GIVEN ENTRIES:

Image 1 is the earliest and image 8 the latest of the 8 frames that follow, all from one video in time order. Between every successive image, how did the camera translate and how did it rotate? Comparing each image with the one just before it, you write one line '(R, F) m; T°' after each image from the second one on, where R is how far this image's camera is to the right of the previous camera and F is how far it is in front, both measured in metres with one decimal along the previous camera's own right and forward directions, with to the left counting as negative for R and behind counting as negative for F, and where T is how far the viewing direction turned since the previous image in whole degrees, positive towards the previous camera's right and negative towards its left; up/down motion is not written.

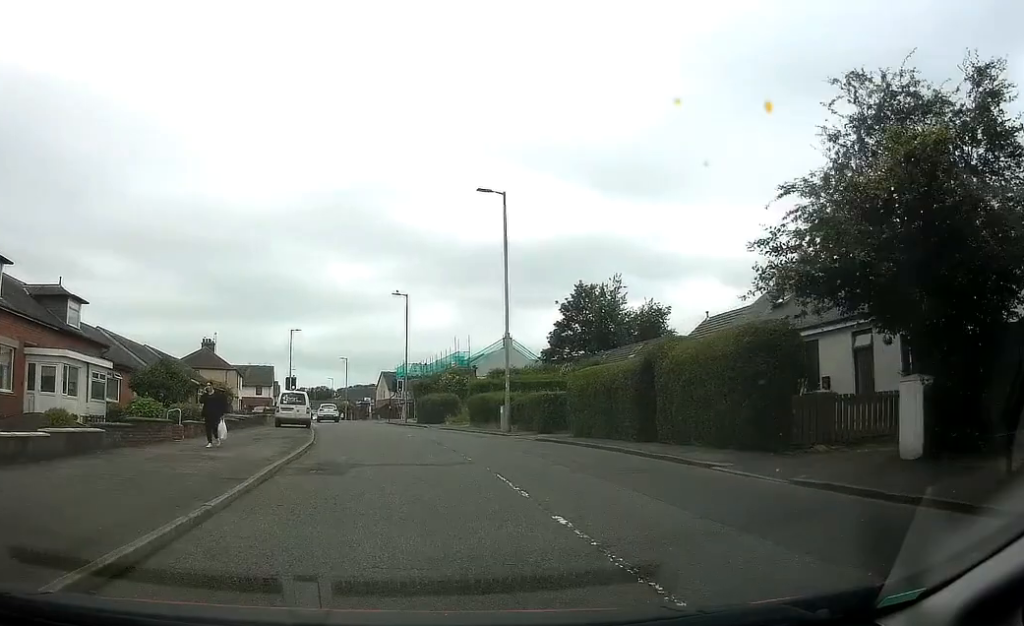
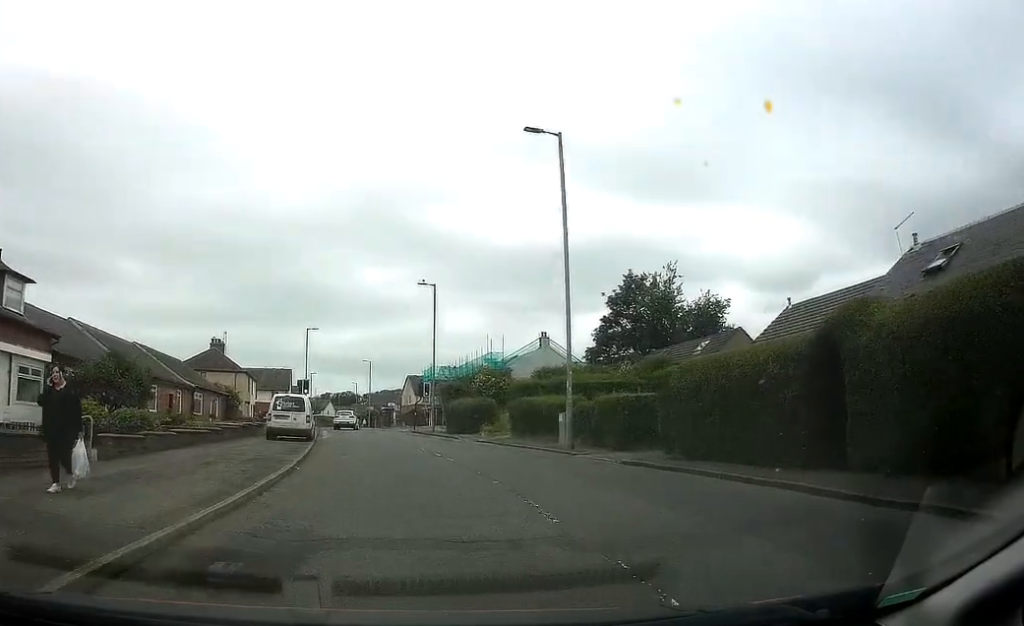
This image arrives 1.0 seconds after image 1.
(0.0, +7.3) m; -1°
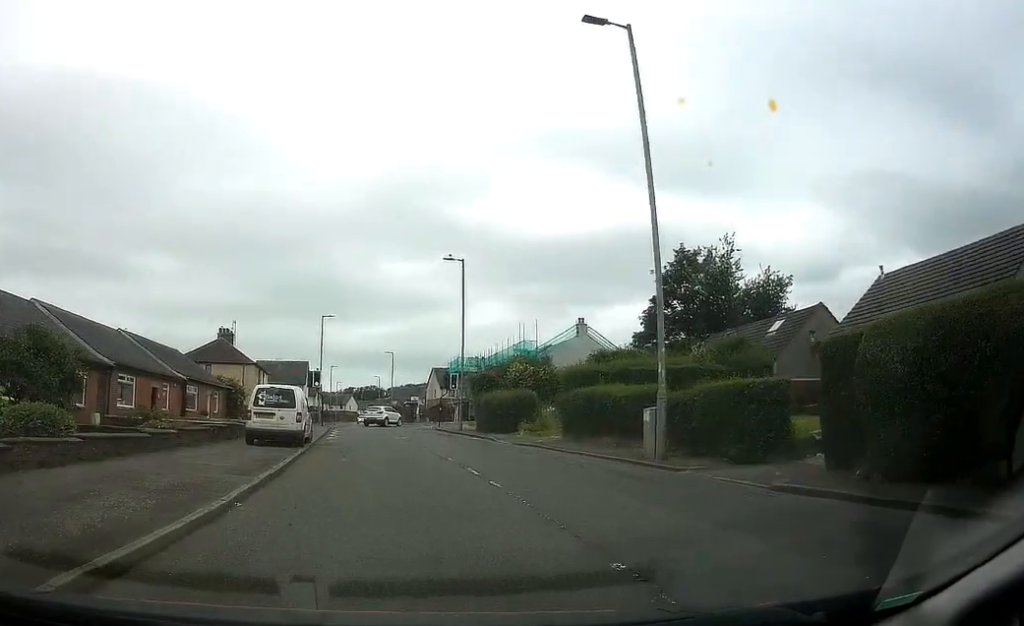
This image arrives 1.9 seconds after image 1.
(-0.1, +6.7) m; -2°
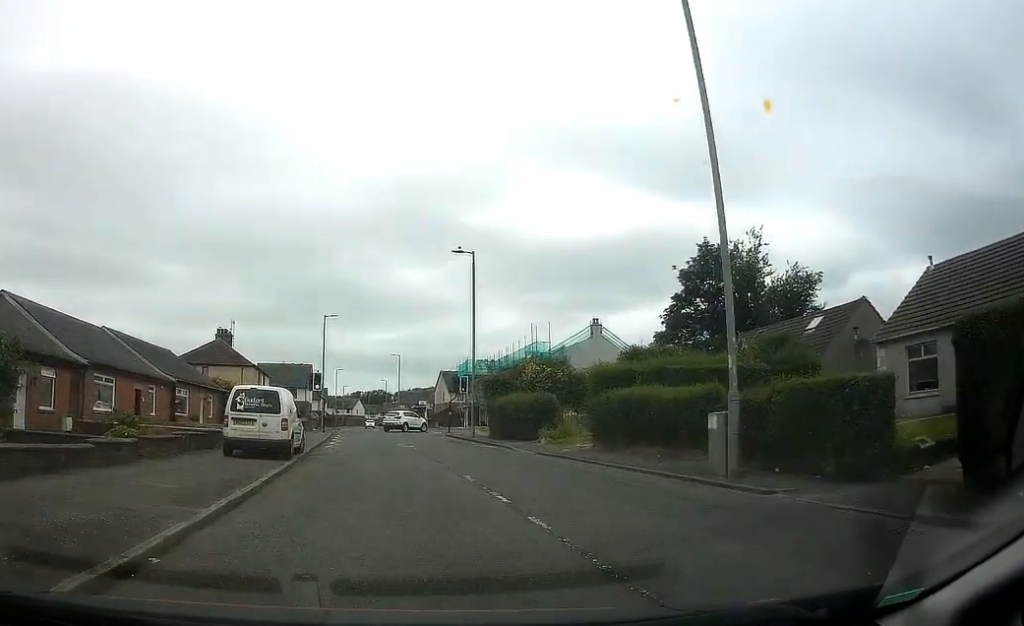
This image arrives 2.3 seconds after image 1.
(-0.2, +3.3) m; 0°
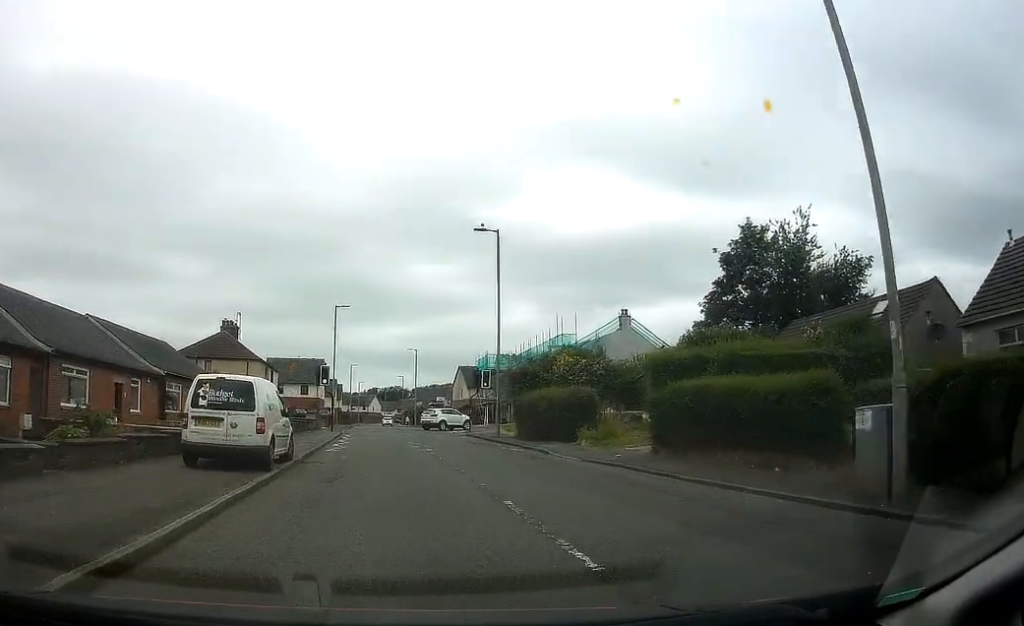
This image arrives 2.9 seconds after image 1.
(0.0, +4.2) m; 0°
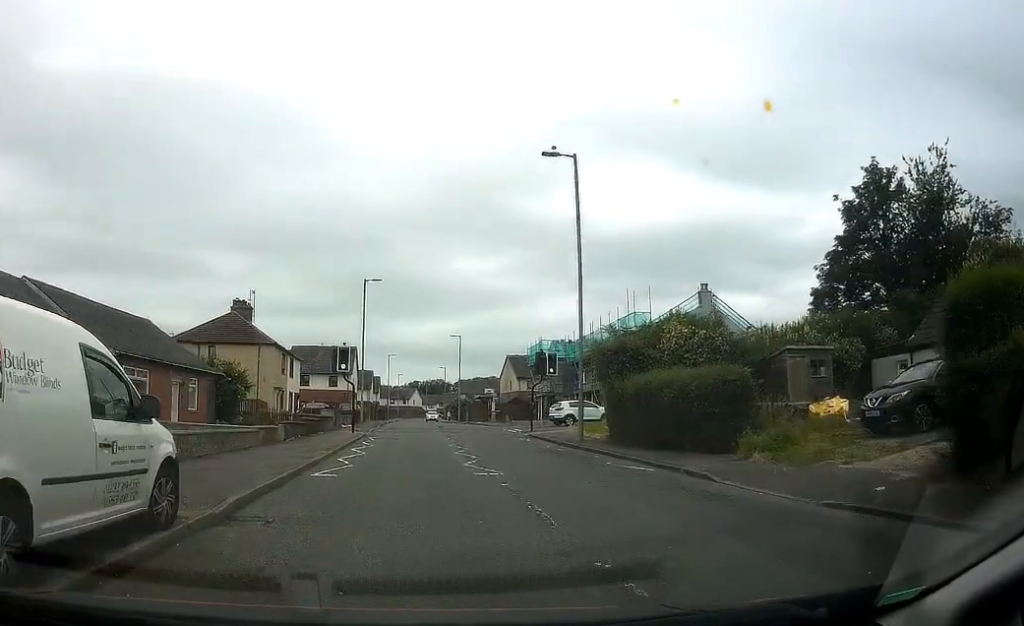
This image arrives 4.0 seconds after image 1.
(+0.1, +9.5) m; -2°
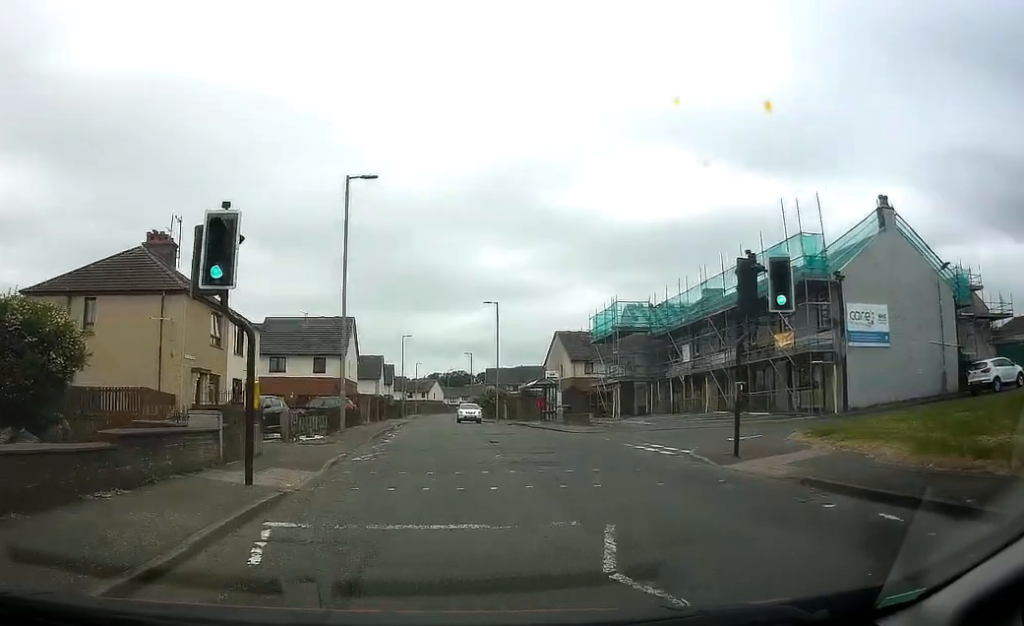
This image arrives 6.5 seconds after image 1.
(-1.0, +21.9) m; -3°
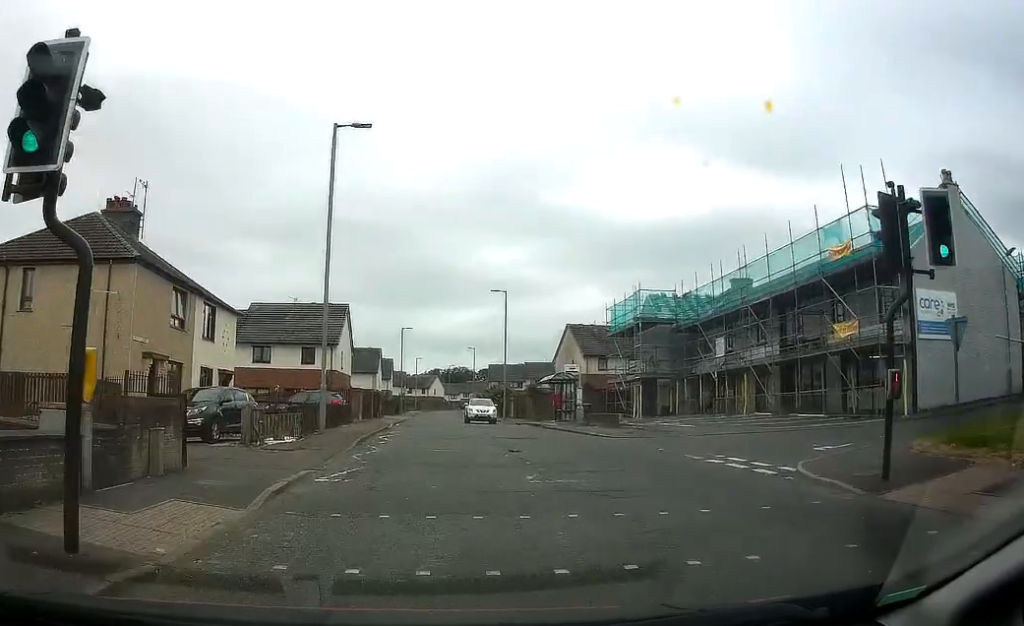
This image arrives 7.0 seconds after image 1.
(-0.1, +5.1) m; 0°

TASK DIRECTIONS:
Would you write each entry out again exactly, omitting the images?

EXERCISE RESPONSE:
Image 1 is the earliest and image 8 the latest of the 8 frames that follow, all from one video in time order. Between every successive image, how did the camera translate and how did it rotate? Comparing each image with the one just before it, you write one line '(R, F) m; T°' after each image from the second one on, where R is how far this image's camera is to the right of the previous camera and F is how far it is in front, both measured in metres with one decimal along the previous camera's own right and forward directions, with to the left counting as negative for R and behind counting as negative for F, and where T is how far the viewing direction turned since the previous image in whole degrees, positive towards the previous camera's right and negative towards its left; up/down motion is not written.

This image arrives 1.0 seconds after image 1.
(0.0, +7.3) m; -1°
This image arrives 1.9 seconds after image 1.
(-0.1, +6.7) m; -2°
This image arrives 2.3 seconds after image 1.
(-0.2, +3.3) m; 0°
This image arrives 2.9 seconds after image 1.
(0.0, +4.2) m; 0°
This image arrives 4.0 seconds after image 1.
(+0.1, +9.5) m; -2°
This image arrives 6.5 seconds after image 1.
(-1.0, +21.9) m; -3°
This image arrives 7.0 seconds after image 1.
(-0.1, +5.1) m; 0°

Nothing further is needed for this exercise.